Page MenuHomePhabricator

[ScheduleDAGRRList] Limit number of candidates to explore.
ClosedPublic

Authored by fhahn on Wed, Jul 22, 7:59 AM.

Details

Summary

Currently popFromQueueImpl iterates over all candidates to find the best
one. While the candidate queue is small, this is not a problem. But it
becomes a problem once the queue gets larger. For example, the snippet
below takes 330s to compile with llc -O0, but completes in 3s with this
patch.

define void @test(i4000000* %ptr) {
entry:

store i4000000 0, i4000000* %ptr, align 4
ret void

}

This patch limits the number of candidates to check to 1000. This limit
ensures that it never triggers for test-suite/SPEC2000/SPEC2006 on X86
and AArch64 with -O3, while still drastically limiting the compile-time
in case of very large queues.

It would be even better to use a binary heap to manage to queue
(D83335), but some heuristics change the score of a node in the queue
after another node has been scheduled. I plan to address this for
backends that use the MachineScheduler in the future, but that requires
a more careful evaluation. In the meantime, the limit should help users
impacted by this issue.

The patch includes a slightly smaller version of the motivating example
as test case, to guard against the issue.

Diff Detail

Event Timeline

fhahn created this revision.Wed, Jul 22, 7:59 AM
Herald added a project: Restricted Project. · View Herald TranscriptWed, Jul 22, 7:59 AM
This revision is now accepted and ready to land.Wed, Jul 22, 2:34 PM
This revision was automatically updated to reflect the committed changes.
RKSimon added inline comments.
llvm/test/CodeGen/X86/stress-scheduledagrrlist.ll
12

@fhahn Should this be in x86 or generic codegen tests? I wouldn't have noticed it but its causing a notable increase in runtime for the x86 codegen tests.....
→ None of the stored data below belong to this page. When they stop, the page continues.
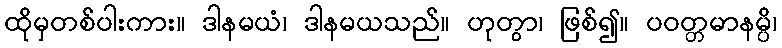
ထိုမှတစ်ပါးကား။ ဒါနမယံ၊ ဒါနမယသည်။ ဟုတွာ၊ ဖြစ်၍။ ပဝတ္တမာနမ္ပိ၊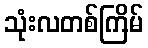
သုံးလတစ်ကြိမ်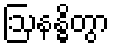
ဩနန္ဓိတွာ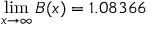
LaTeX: \operatorname* { l i m } _ { x \to \infty } B ( x ) = 1 . 0 8 3 6 6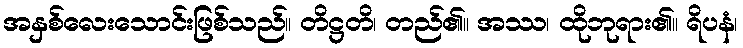
အနှစ်လေးသောင်းဖြစ်သည်။ တိဋ္ဌတိ၊ တည်၏။ အဿ၊ ထိုဘုရား၏။ ရိပနံ၊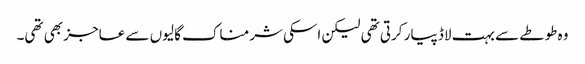
وہ طوطے سے بہت لاڈ پیار کرتی تھی لیکن اسکی شرمناک گالیوں سے عاجز بھی تھی۔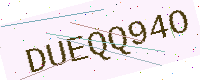
Text: DUEQQ94O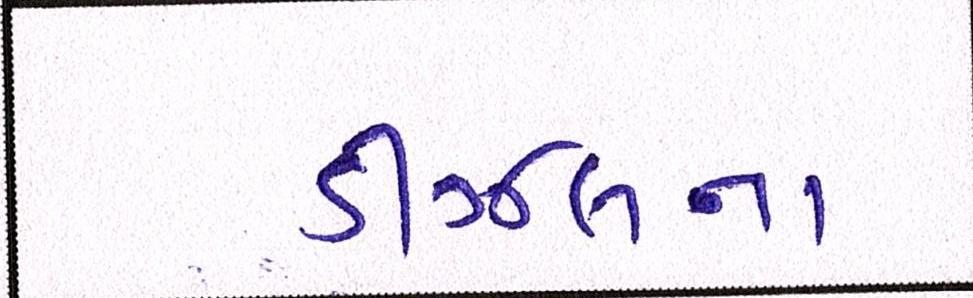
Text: ડીઝલના

fhahn marked an inline comment as done.Thu, Jul 23, 10:31 AM
fhahn added inline comments.
llvm/test/CodeGen/X86/stress-scheduledagrrlist.ll
12

It's intentional for X86 to check that we don't have excessive compile-times (the patch improves compile-time by ~ 100x). On my system, it takes ~1-2 seconds, but if that's too long we can reduce the width of the type further.
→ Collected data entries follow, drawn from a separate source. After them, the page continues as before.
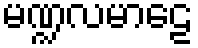
မဏ္ဍလမာဠေ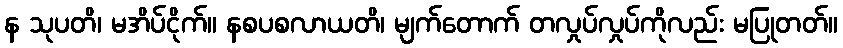
န သုပတိ၊ မအိပ်ငိုက်။ နစပစလာယတိ၊ မျက်တောက် တလှုပ်လှုပ်ကိုလည်း မပြုတတ်။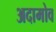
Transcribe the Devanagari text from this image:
अदामोव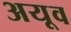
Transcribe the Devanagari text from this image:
अयूव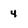
Character: 4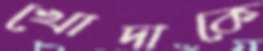
খোদাকে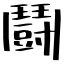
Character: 鬪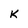
Character: k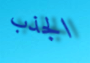
الجذب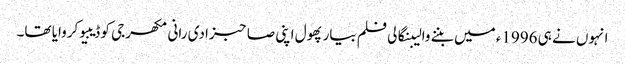
انہوں نے ہی 1996ء میں بننے والیبنگالی فلم بیار پھول اپنی صاحبزادی رانی مکھرجی کو ڈیبیو کروایا تھا۔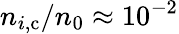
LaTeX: n_{i,\mathrm{c}}/n_{0}\approx 10^{-2}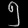
Digit: ၅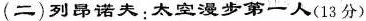
(二)列昂诺失：太空漫步第一人(13分)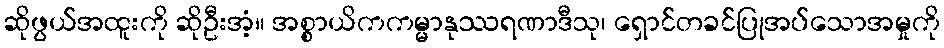
ဆိုဖွယ်အထူးကို ဆိုဦးအံ့။ အစ္စာယိကကမ္မာနုဿရဏာဒီသု၊ ရှောင်တခင်ပြုအပ်သောအမှုကို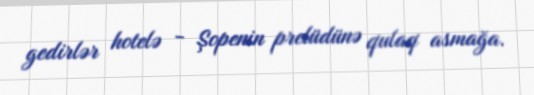
gedirlər hotelə - Şopenin prelüdünə qulaq asmağa.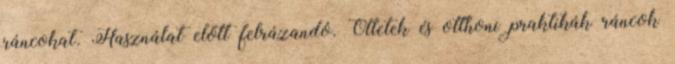
ráncokat. Használat előtt felrázandó. Ötletek és otthoni praktikák ráncok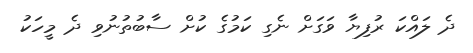
ދެ ލައްކަ ރުފިޔާ ވަގަށް ނެގި ކަމުގެ ކުށް ސާބުތުނުވި ދެ މީހަކު

RKSimon added inline comments.Thu, Jul 23, 11:59 AM
llvm/test/CodeGen/X86/stress-scheduledagrrlist.ll
12

Hmm - please can you check an EXPENSIVE_CHECKS build? I'm seeing > 6min for this.
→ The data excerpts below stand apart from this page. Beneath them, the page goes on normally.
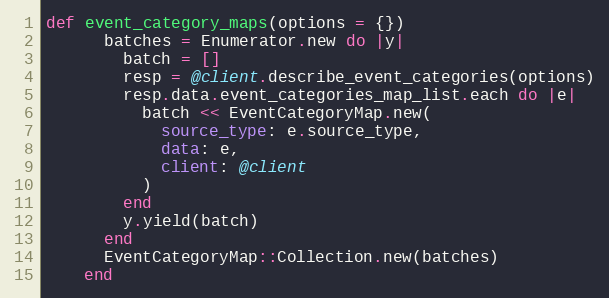
Language: Ruby
def event_category_maps(options = {})
      batches = Enumerator.new do |y|
        batch = []
        resp = @client.describe_event_categories(options)
        resp.data.event_categories_map_list.each do |e|
          batch << EventCategoryMap.new(
            source_type: e.source_type,
            data: e,
            client: @client
          )
        end
        y.yield(batch)
      end
      EventCategoryMap::Collection.new(batches)
    end

fhahn marked an inline comment as done.Thu, Jul 23, 12:04 PM
fhahn added inline comments.
llvm/test/CodeGen/X86/stress-scheduledagrrlist.ll
12

oh right, I think there is some very expensive checks somewhere in SelectionDAG and there will be a very large number of nodes.... Is there a way to disable tests for builds with expensive checks? Otherwise we probably should remove the test.

RKSimon added inline comments.Sat, Jul 25, 7:38 AM
llvm/test/CodeGen/X86/stress-scheduledagrrlist.ll
12

I can't think of a way for lit to check for non EXPENSIVE_CHECKS builds - and I'd be worried that such an approach would be abused tbh.

fhahn added a comment.Sat, Jul 25, 7:48 AM

OK, I removed the test in rGc09a10845b42. it seems like there's no way to work around the expensive-checks issue and reducing the width of the store much further will defeat the actual purpose of the test.